Friend: You sometimes-
Me: *walking into the ocean* Hahah I know, right?
What do you do for a living?
I’m a spy !
Why are you dressed like a shepherd?
I’m a shepherds spy !
I’m raising my child to believe there were only 3 ‘Star Wars’ movies.
got so much cardio in today
7yo niece, pointing at my belly: that’s your proof of baby.
Well, I WAS having a nice day.
I don’t think my blind date was blind, she read the menu and caught the basketball I threw at her
So Torchwood, the Who spinoff, is notably an anagram of Doctor Who, so obviously this must be the rule for all subsequent spinoffs. I’m now going to pitch my show “Hoot Crowd” about a large group of time-travelling owls.
Him: Are you always this socially awkward?
Me: Only when I’m in my human form.
Him: So always.
Don’t think of Daylight Saving Time as losing an hour of sleep.
Think of it as being one hour closer to breakfast.
Huh… I wonder if I should tell my friend that his back tattoo doesn’t say what he thinks it says.
MAGICIAN: Is this your card?
ME: No
MAGICIAN: Is this your card?
ME: No
MAGICIAN: This one?
ME: No. When is our regular postman back from holiday?
Doctor said only clear liquids before surgery. Vodka should qualify just fine.

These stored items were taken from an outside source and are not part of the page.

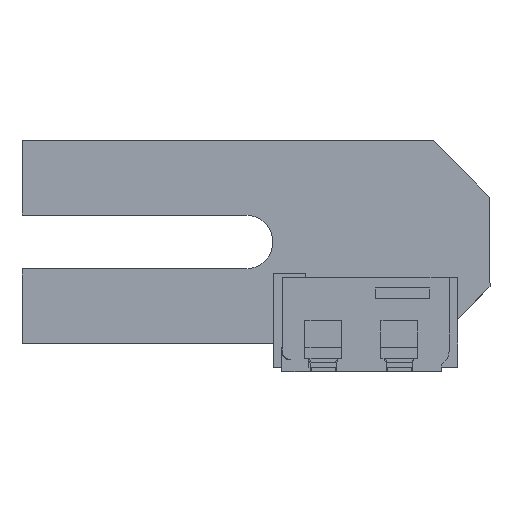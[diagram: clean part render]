
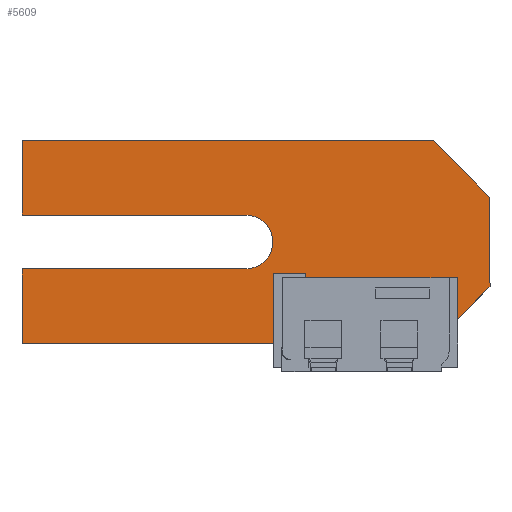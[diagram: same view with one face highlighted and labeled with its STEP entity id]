
A CAD part, top view. The second image highlights one B-rep face of the part: STEP entity #5609.
In plain terms, the highlighted face is planar.
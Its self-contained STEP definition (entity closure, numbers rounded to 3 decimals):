
#312=CIRCLE('',#5972,3.366);
#426=FACE_OUTER_BOUND('',#748,.T.);
#748=EDGE_LOOP('',(#4322,#4323,#4324,#4325,#4326,#4327,#4328,#4329,#4330,
#4331));
#1209=LINE('',#7812,#1860);
#1289=LINE('',#8741,#1940);
#1292=LINE('',#8747,#1943);
#1296=LINE('',#8756,#1947);
#1300=LINE('',#8763,#1951);
#1303=LINE('',#8769,#1954);
#1306=LINE('',#8775,#1957);
#1308=LINE('',#8778,#1959);
#1312=LINE('',#8785,#1963);
#1860=VECTOR('',#6593,1000.);
#1940=VECTOR('',#6675,1000.);
#1943=VECTOR('',#6680,1000.);
#1947=VECTOR('',#6686,1000.);
#1951=VECTOR('',#6692,1000.);
#1954=VECTOR('',#6697,1000.);
#1957=VECTOR('',#6702,1000.);
#1959=VECTOR('',#6706,1000.);
#1963=VECTOR('',#6712,1000.);
#2435=VERTEX_POINT('',#7797);
#2436=VERTEX_POINT('',#7798);
#2441=VERTEX_POINT('',#7809);
#2442=VERTEX_POINT('',#7811);
#2575=VERTEX_POINT('',#8739);
#2576=VERTEX_POINT('',#8743);
#2581=VERTEX_POINT('',#8754);
#2583=VERTEX_POINT('',#8761);
#2585=VERTEX_POINT('',#8767);
#2587=VERTEX_POINT('',#8773);
#3070=EDGE_CURVE('',#2435,#2436,#312,.T.);
#3076=EDGE_CURVE('',#2441,#2442,#1209,.T.);
#3211=EDGE_CURVE('',#2575,#2436,#1289,.T.);
#3214=EDGE_CURVE('',#2435,#2576,#1292,.T.);
#3218=EDGE_CURVE('',#2581,#2575,#1296,.T.);
#3222=EDGE_CURVE('',#2583,#2581,#1300,.T.);
#3225=EDGE_CURVE('',#2585,#2583,#1303,.T.);
#3228=EDGE_CURVE('',#2587,#2585,#1306,.T.);
#3230=EDGE_CURVE('',#2587,#2442,#1308,.T.);
#3234=EDGE_CURVE('',#2441,#2576,#1312,.T.);
#4322=ORIENTED_EDGE('',*,*,#3070,.T.);
#4323=ORIENTED_EDGE('',*,*,#3211,.F.);
#4324=ORIENTED_EDGE('',*,*,#3218,.F.);
#4325=ORIENTED_EDGE('',*,*,#3222,.F.);
#4326=ORIENTED_EDGE('',*,*,#3225,.F.);
#4327=ORIENTED_EDGE('',*,*,#3228,.F.);
#4328=ORIENTED_EDGE('',*,*,#3230,.T.);
#4329=ORIENTED_EDGE('',*,*,#3076,.F.);
#4330=ORIENTED_EDGE('',*,*,#3234,.T.);
#4331=ORIENTED_EDGE('',*,*,#3214,.F.);
#5382=PLANE('',#5983);
#5609=ADVANCED_FACE('',(#426),#5382,.F.);
#5972=AXIS2_PLACEMENT_3D('',#7799,#6583,#6584);
#5983=AXIS2_PLACEMENT_3D('',#8786,#6713,#6714);
#6583=DIRECTION('center_axis',(0.,0.,1.));
#6584=DIRECTION('ref_axis',(0.,-1.,0.));
#6593=DIRECTION('',(0.,-1.,0.));
#6675=DIRECTION('',(0.,-1.,0.));
#6680=DIRECTION('',(0.,1.,0.));
#6686=DIRECTION('',(-1.,0.,0.));
#6692=DIRECTION('',(0.,1.,0.));
#6697=DIRECTION('',(0.707,0.707,0.));
#6702=DIRECTION('',(1.,0.,0.));
#6706=DIRECTION('',(-0.707,0.707,0.));
#6712=DIRECTION('',(1.,0.,0.));
#6713=DIRECTION('center_axis',(0.,0.,1.));
#6714=DIRECTION('ref_axis',(0.,-1.,0.));
#7797=CARTESIAN_POINT('',(-3.548,17.916,-38.99));
#7798=CARTESIAN_POINT('',(3.183,17.916,-38.99));
#7799=CARTESIAN_POINT('Origin',(-0.183,17.916,-38.99));
#7809=CARTESIAN_POINT('',(-12.883,45.856,-38.99));
#7811=CARTESIAN_POINT('',(-12.883,-5.452,-38.99));
#7812=CARTESIAN_POINT('',(-12.883,16.646,-38.99));
#8739=CARTESIAN_POINT('',(3.183,45.856,-38.99));
#8741=CARTESIAN_POINT('',(3.183,16.646,-38.99));
#8743=CARTESIAN_POINT('',(-3.548,45.856,-38.99));
#8747=CARTESIAN_POINT('',(-3.548,16.646,-38.99));
#8754=CARTESIAN_POINT('',(12.517,45.856,-38.99));
#8756=CARTESIAN_POINT('',(-49.874,45.856,-38.99));
#8761=CARTESIAN_POINT('',(12.517,-5.452,-38.99));
#8763=CARTESIAN_POINT('',(12.517,16.646,-38.99));
#8767=CARTESIAN_POINT('',(5.405,-12.564,-38.99));
#8769=CARTESIAN_POINT('',(-7.629,-25.599,-38.99));
#8773=CARTESIAN_POINT('',(-5.771,-12.564,-38.99));
#8775=CARTESIAN_POINT('',(-49.874,-12.564,-38.99));
#8778=CARTESIAN_POINT('',(-42.427,24.092,-38.99));
#8785=CARTESIAN_POINT('',(-49.874,45.856,-38.99));
#8786=CARTESIAN_POINT('Origin',(-49.874,16.646,-38.99));

Urgent care waiting room is an oxymoron
No, 2013, you were not the worst year. But thank you for trying.
her: and what do you do?
me: I’m a mail escort
postal worker: I won’t tell you again, I don’t need you following me everywhere!
Priest: “We are gathered here today to mourn the passing of-
*looks at the casket suspiciously*
Erwin Schrödinger.”
Idk why they make you wait on the plane for so long after you land. Like you already defied the laws of gravity and carried my physical vessel all the way to Toronto and placed me gently on the ground. That was the hard part. You just have to open the door now.
My mom has been having trouble with her joints – it’s hard to roll them with the arthritis
Winning an argument with a woman is like getting 1st prize in a “who wants to sleep on the couch” contest.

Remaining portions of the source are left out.